How do Refrigerant Work

  How Refrigerant Work 

How does a refrigerant move around a chiller or air conditioning unit to remove thermal energy from a room or refrigerator?

How does a refrigerant move thermal energy around a chiller or air conditioning system? It doesn’t matter what type of refrigeration system you use, from the refrigerator in your home, a small split a/c unit all the way up to an industrial chiller. Essentially they all work the same way by passing a refrigerant between the main components of the compressor, condenser, expansion device, and the evaporator to remove unwanted heat from one location (e.g. an office) to another (e.g. outside air).

Refrigerant boil and evaporate

When we say “refrigerant” we mean a fluid that can easily boil from a liquid into a vapor and also be condensed from a vapor back into a liquid. This needs to occur again and again, continuously without fail.

An example of a refrigerant would be water. This is able to evaporate and condense and is easy and safe to use. It’s used in Absorption chillers as a refrigerant, you can find out more about this type of chiller. The reason water isn’t typically used as a refrigerant in common air conditioning units is that there are specially made refrigerants designed specifically for this task, and these are able to perform much more efficiently.
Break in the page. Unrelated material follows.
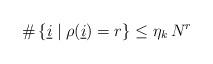
LaTeX: \begin{align*}\# \left\{ \underline{i} \mid \rho(\underline{i} ) = r \right\} \leq \eta_k \, N^r\end{align*}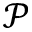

Refrigerant Types and Boiling Points

Some of the more common refrigerants on the market ate R22, R134A, and R410A, although the laws and regulations on refrigerants are tightening and many of these will be phased out in the long run. These common refrigerants all have extremely low boiling points compared to water. This allows it to evaporate into a vapor with very little thermal energy applied which means the refrigerant can extract heat more rapidly.

How a compressor works

Let's look at how refrigerant moves around the system. We’ll start with the compressor as this is the heart of the system, it forces the refrigerant around each of the components within the refrigeration system. The refrigerant will enter as a saturated vapor and is a low temperature and low pressure. As the compressor pulls the refrigerant in, it rapidly compresses it, this forces the molecules together so the same amount of molecules fits into a smaller volume. The molecules are all constantly bouncing around and compressing them into a smaller space causes them to collide more often, as they collide they convert their kinetic energy into heat. At the same time, all the energy that is put in by the compressor is converted into internal energy within the refrigerant. This results in the refrigerant increasing in internal energy, enthalpy, temperature, and pressure. You’ll know this if you’ve ever used a bike pump, the pump becomes very hot as the pressure increases.

How a condenser works

The refrigerant now moves to the condenser. The condenser is where all the unwanted heat is rejected out into the atmosphere. This will include all the heat from the building as well as the heat from the compressor. When the refrigerant enters the condenser, it needs to be at a higher temperature than the ambient air around it, in order for the heat to transfer. The greater the temperature difference, the easier the heat transfer will be. The refrigerant enters as superheated vapor at high pressure and temperature, it then passes along the tubes of the condenser. During this move, fans will blow air across the condenser (in an air-cooled system) to remove the unwanted energy. Much like blowing a hot spoon of soup to cool it down. As the air blows across the tubes, it removes heat from the refrigerant. As the refrigerant gives up its heat it will condense into a liquid so by the time the refrigerant leaves the condenser it will be a completely saturated liquid, still at high pressure, but slightly cooler although it will have decreased in both enthalpy and entropy

How the evaporator works

The refrigerant then makes its way to the expansion valve. The expansion valve meters the flow of refrigerant into the evaporator. In this example we’re using a thermal expansion valve that holds back refrigerant, creating a high and low-pressure side. The valve will then adjust to allow some refrigerant to flow and this will be part liquid and part vapor. As it passes through it will expand to try and fill the void. As it expands the refrigerant reduces in pressure and temperature, just like if you hold a deodorant spray can and hold the trigger down. The refrigerant leaves the expansion valve at low pressure and temperature then heads straight into the evaporator.

The evaporator receives the refrigerant and another fan blows the warm air of the room across the evaporator coil. The temperature of the room air is higher than the temperature of the cool refrigerant this allows it to absorb more energy and boil the refrigerant completely into a vapor. Much like heating a pan of water, the heat will cause the water to evaporate into steam vapor and the vapor will carry the heat away, if you were to place your hand over the rising steam you will find it’s very hot. Although I wouldn’t recommend this and it can cause injury. Remember we looked earlier at the low boiling point of refrigerants, so room temperature air is enough to boil it into a vapor.

The refrigerant leaves the evaporator as a low temperature, low-pressure vapor. The temperature only changes slightly which confuses many people, but the reason it doesn’t increase dramatically is that it is undergoing a phase change from a liquid to a vapor so the thermal energy is being used to break the bonds between the molecules but the enthalpy and entropy will increase and this is where the energy is going. The temperature will only change once the fluid is no longer undergoing a phase change. And that, is the basics of hot refrigerants work in HVAC refrigeration systems.